Make sure the outfit mesh is selected. Choose the brush tool to pull an area of the outfit out or in so that the body is covered without too much gap.

Steps 10 - 12

Here we’re checking the low weight and high weight for clipping. Once looking good, do Step 12, (Slider menu, “Set Base Shape”) to establish the base shape data. Clipping is okay here.

Step 13 and 14, (15)

If converting to (T)BBP/HDT then choose matching reference body. My body is built with CBBE HDT and I want “Marksmage Garb” to jiggle, so I chose “CBBE HDT” reference body. If clipping then work the brushes some more. Once it looks good then Slider menu “Conform All.” If using BodySlide sliders to customize body, do optional Step 15 by selecting the pencil for each slider and fix with brushes, and select “Conform All” again to finish.

(optional) Step 16 - BBP/HDT

Before continuing, you may wish to save your project (Step 17) and make a backup. If wrong bone weights copied or other errors, may be quicker to restore from backup and try again.

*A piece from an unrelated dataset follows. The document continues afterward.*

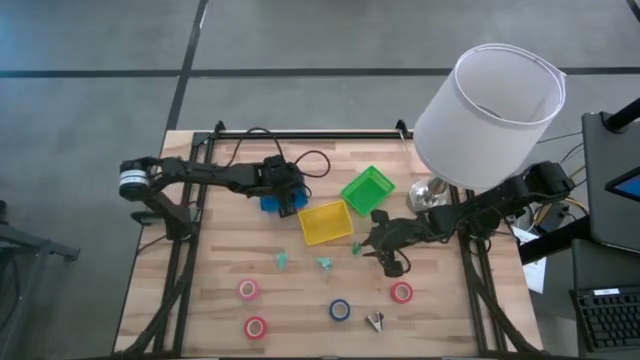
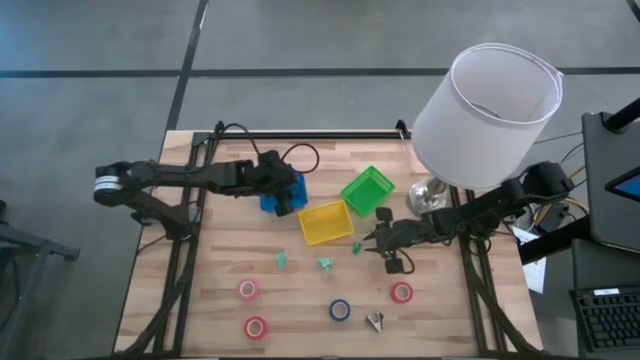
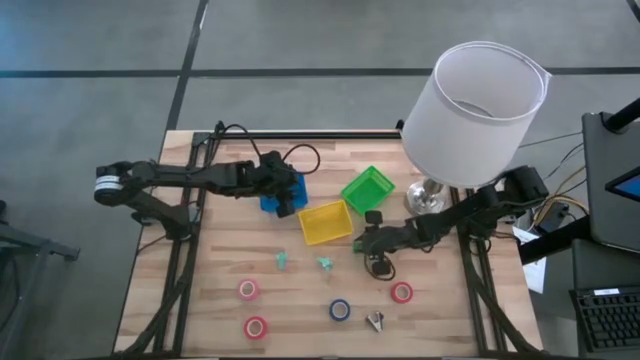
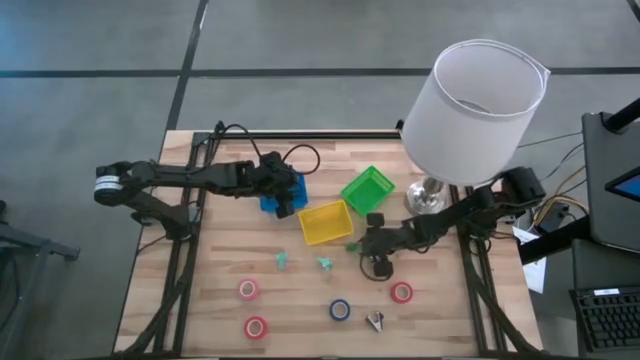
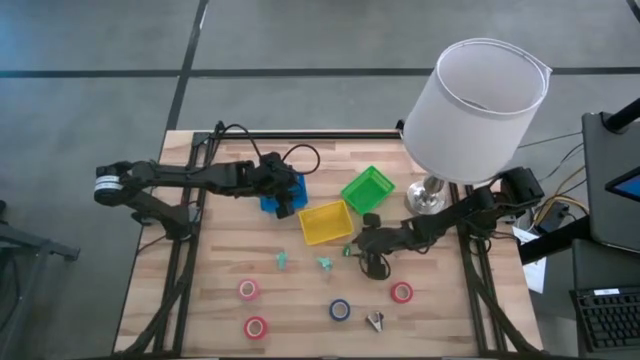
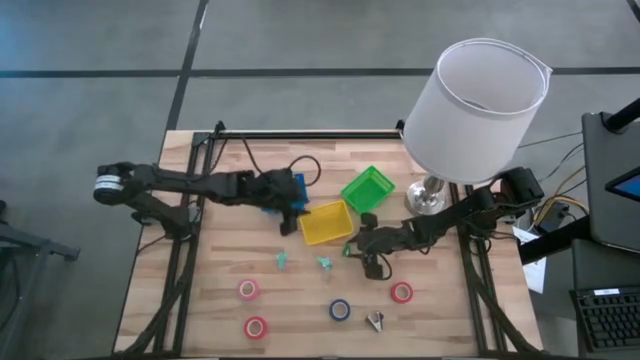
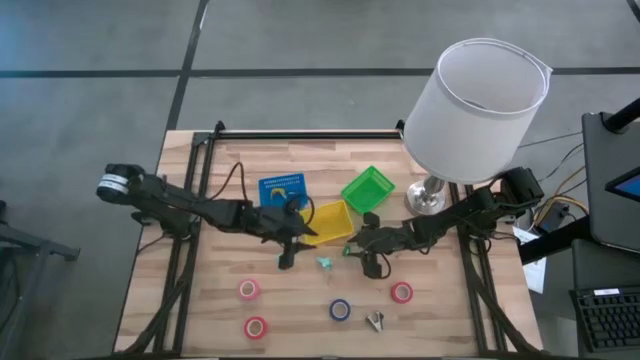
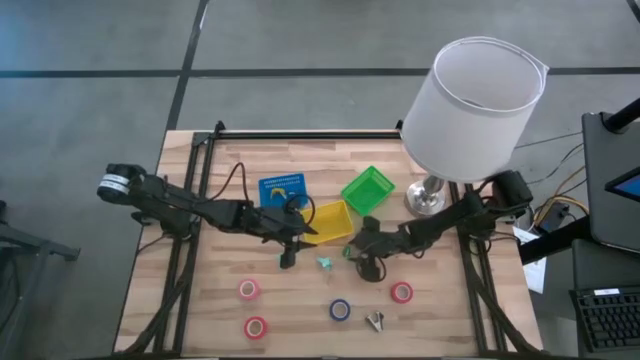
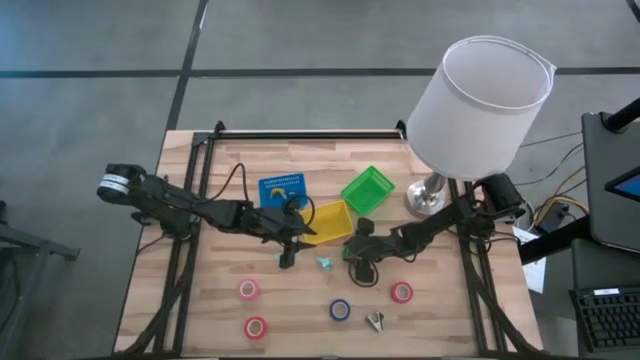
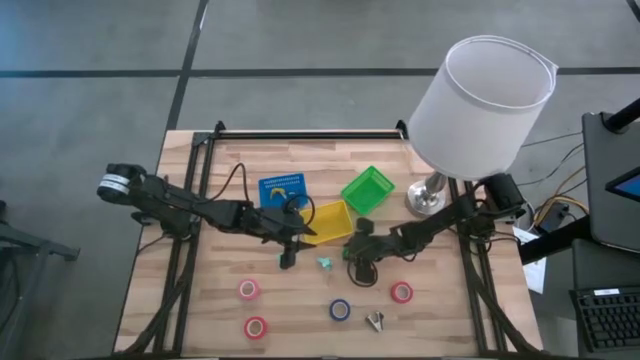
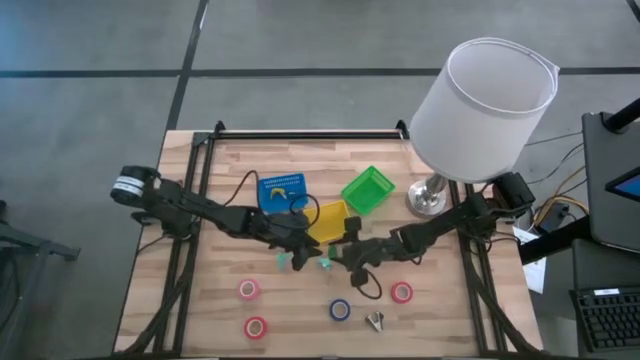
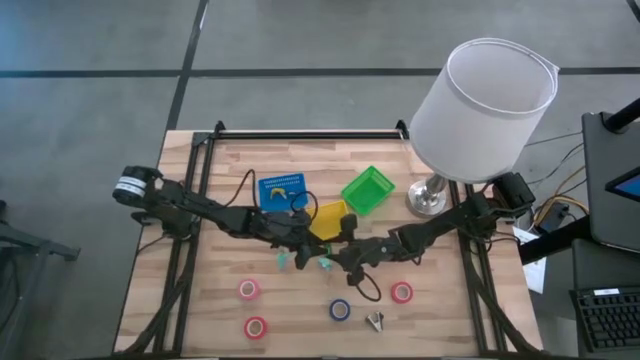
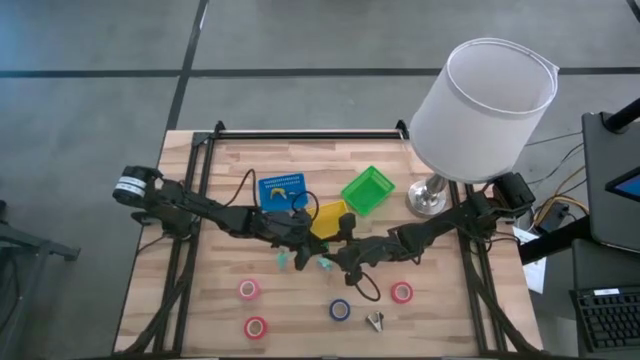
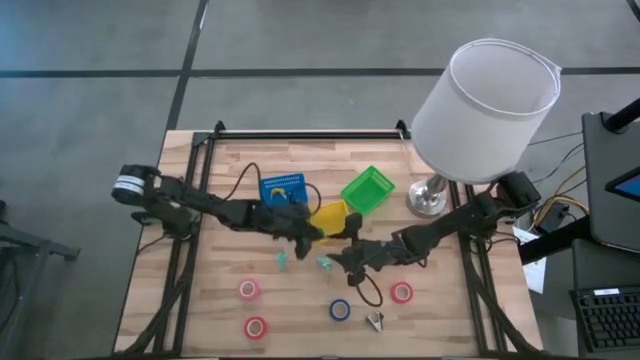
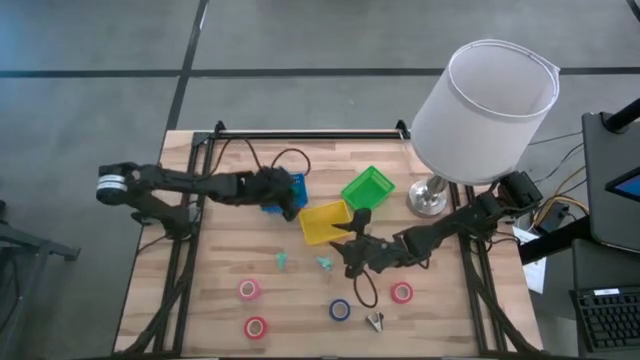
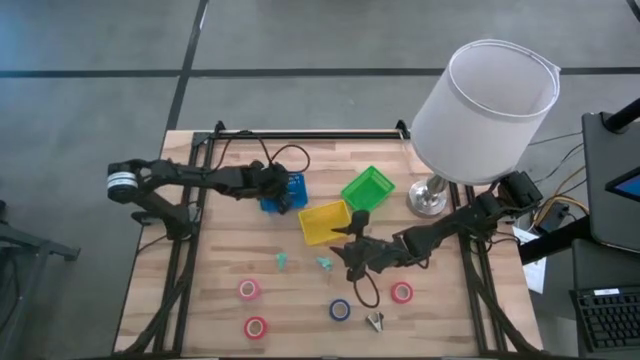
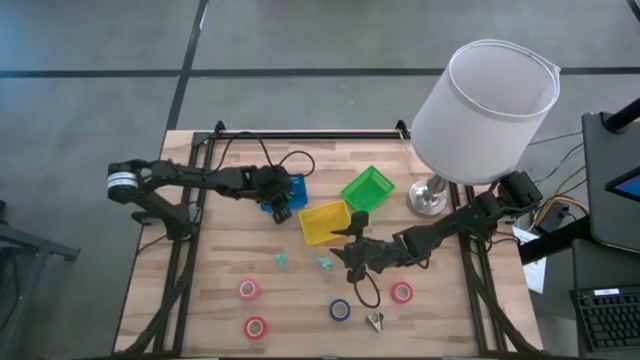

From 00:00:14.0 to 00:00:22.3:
Task: Pick and place Stapler, Stapler remover, tape
Put the green stapler into the blue bin

For (T)BBP/HDT, we must copy the BBP-specific bones from the reference shape. When adding BBP/HDT to outfit of same body type (CBBE outfit to CBBE-HDT body), only copy the bones for BBP/HDT such as L-Breast, R-Breast, L-Butt, R-Butt, and belly. When converting from a different body type, such as UNP outfit to CBBE-HDT body, more bone weights may need to be copied. However, copying too many bone weights may cause weird stretching. For “Marksmage Garb” top, also copying clavicles, spine1, and spine2 ensures good jiggle. However, including the spines also may stretch the armbands. There are no bones to copy for the armlet.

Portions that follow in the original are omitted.